■ Problem statement
The answer is all of the entries below, repeated exactly and free of pictures.

[Data extracted from a collection]

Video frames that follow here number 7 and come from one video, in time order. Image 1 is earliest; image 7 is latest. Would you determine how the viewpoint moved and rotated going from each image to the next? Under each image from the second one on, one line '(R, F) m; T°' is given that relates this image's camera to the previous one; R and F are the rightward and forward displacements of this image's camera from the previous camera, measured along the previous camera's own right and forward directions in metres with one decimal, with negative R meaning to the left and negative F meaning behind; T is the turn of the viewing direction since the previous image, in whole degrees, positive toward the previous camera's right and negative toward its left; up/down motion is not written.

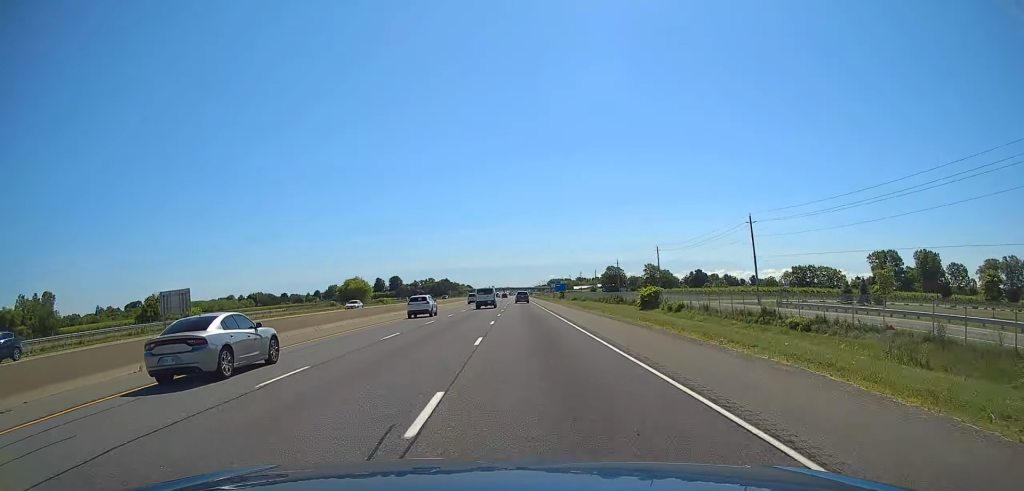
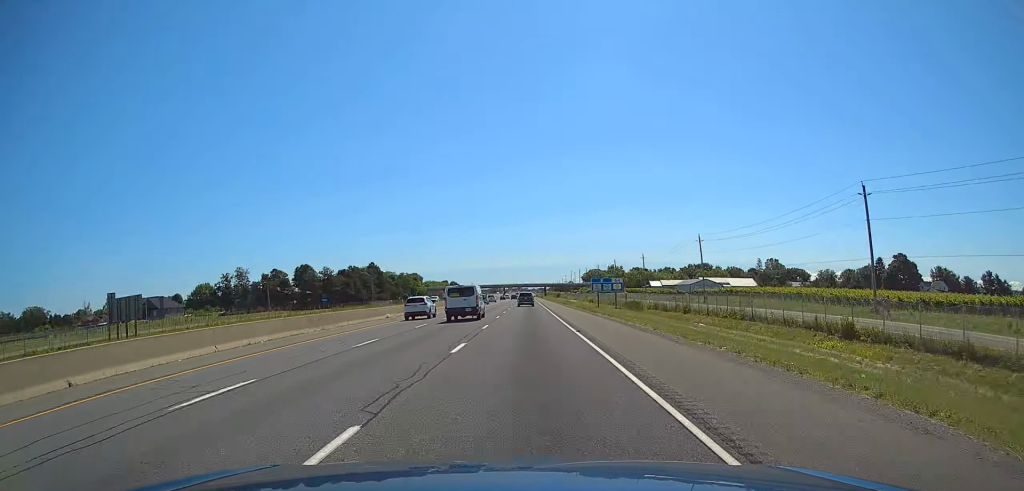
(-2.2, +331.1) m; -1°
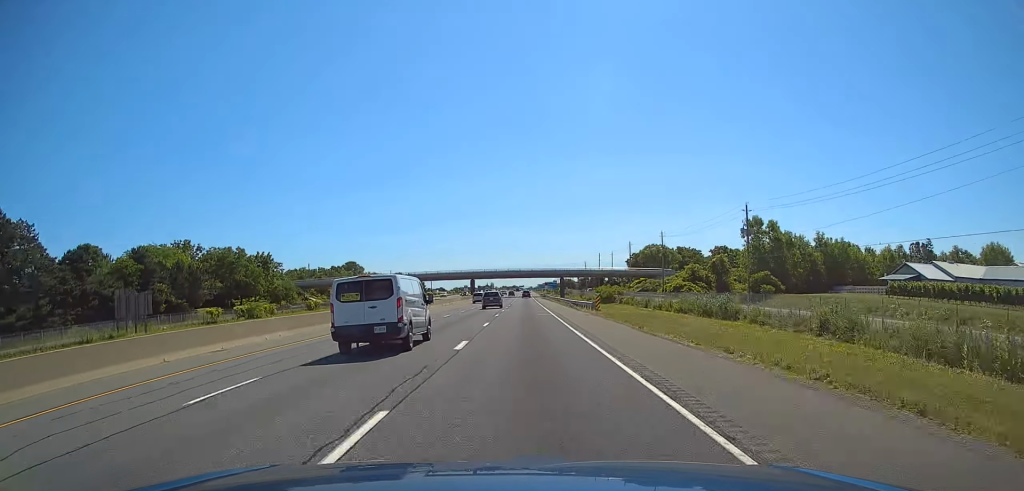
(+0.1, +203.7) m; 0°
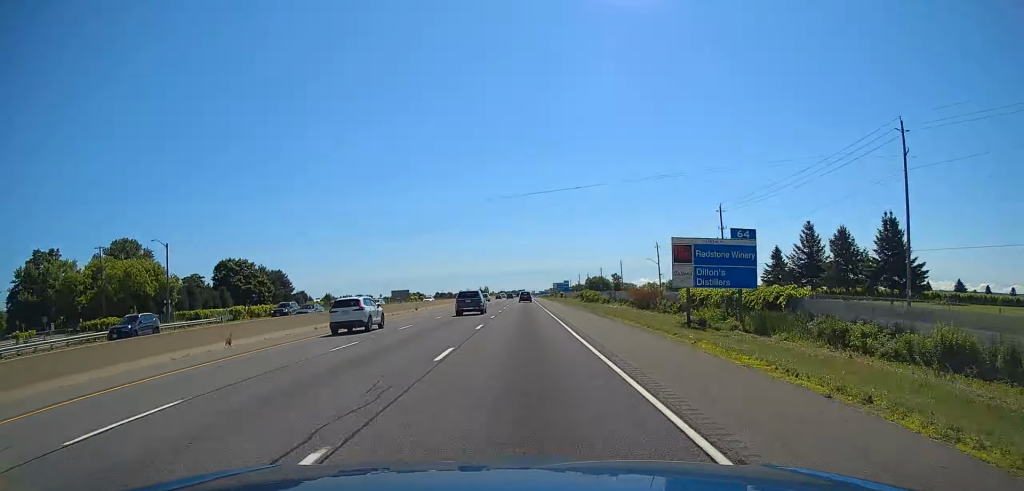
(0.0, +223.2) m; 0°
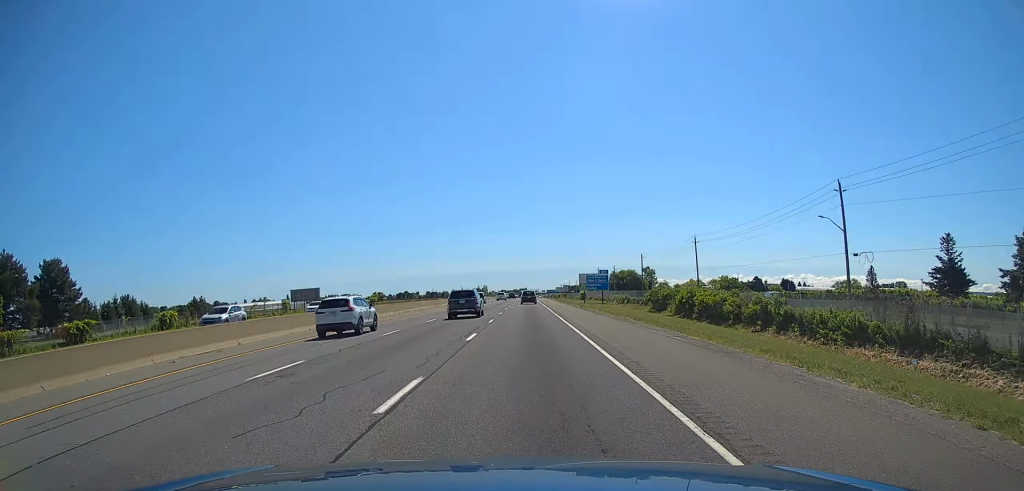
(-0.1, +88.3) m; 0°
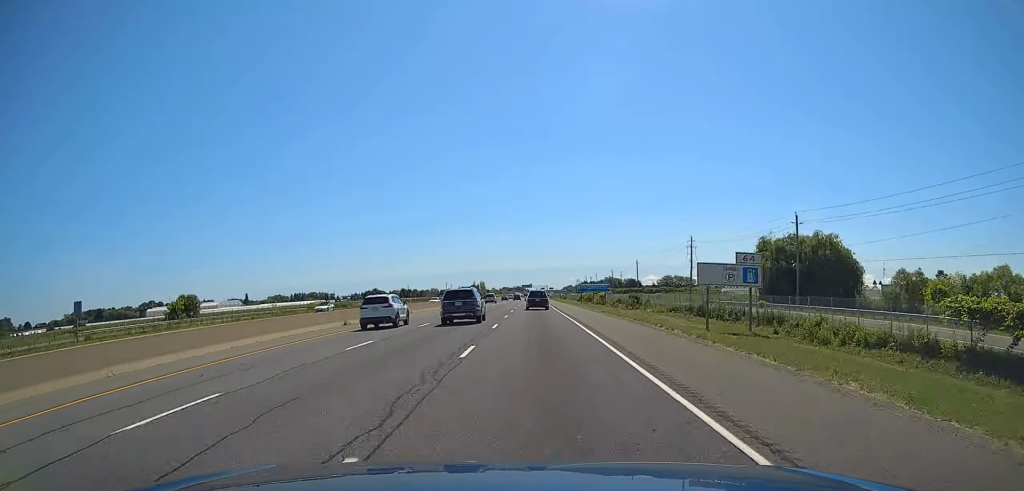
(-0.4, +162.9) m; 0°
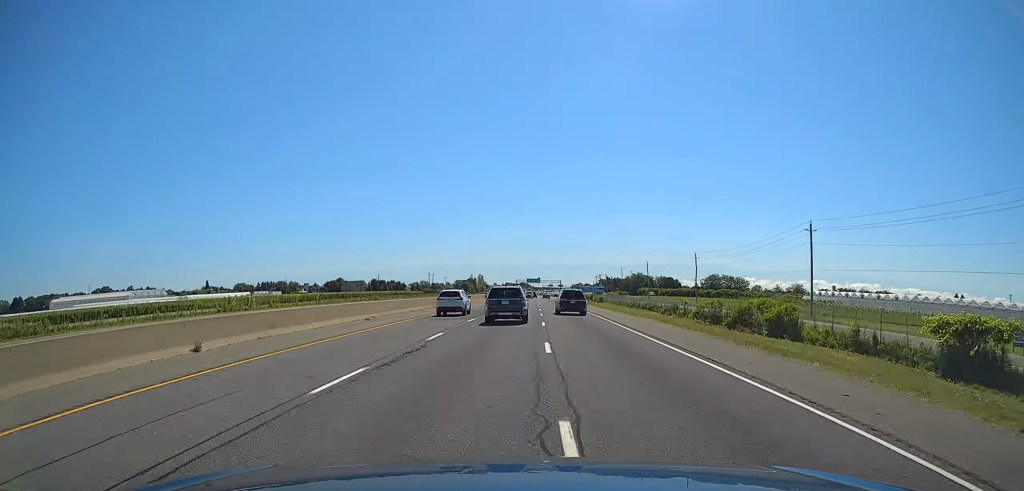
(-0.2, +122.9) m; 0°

■ Exercise output
Video frames that follow here number 7 and come from one video, in time order. Image 1 is earliest; image 7 is latest. Would you determine how the viewpoint moved and rotated going from each image to the next? Under each image from the second one on, one line '(R, F) m; T°' is given that relates this image's camera to the previous one; R and F are the rightward and forward displacements of this image's camera from the previous camera, measured along the previous camera's own right and forward directions in metres with one decimal, with negative R meaning to the left and negative F meaning behind; T is the turn of the viewing direction since the previous image, in whole degrees, positive toward the previous camera's right and negative toward its left; up/down motion is not written.

(-2.2, +331.1) m; -1°
(+0.1, +203.7) m; 0°
(0.0, +223.2) m; 0°
(-0.1, +88.3) m; 0°
(-0.4, +162.9) m; 0°
(-0.2, +122.9) m; 0°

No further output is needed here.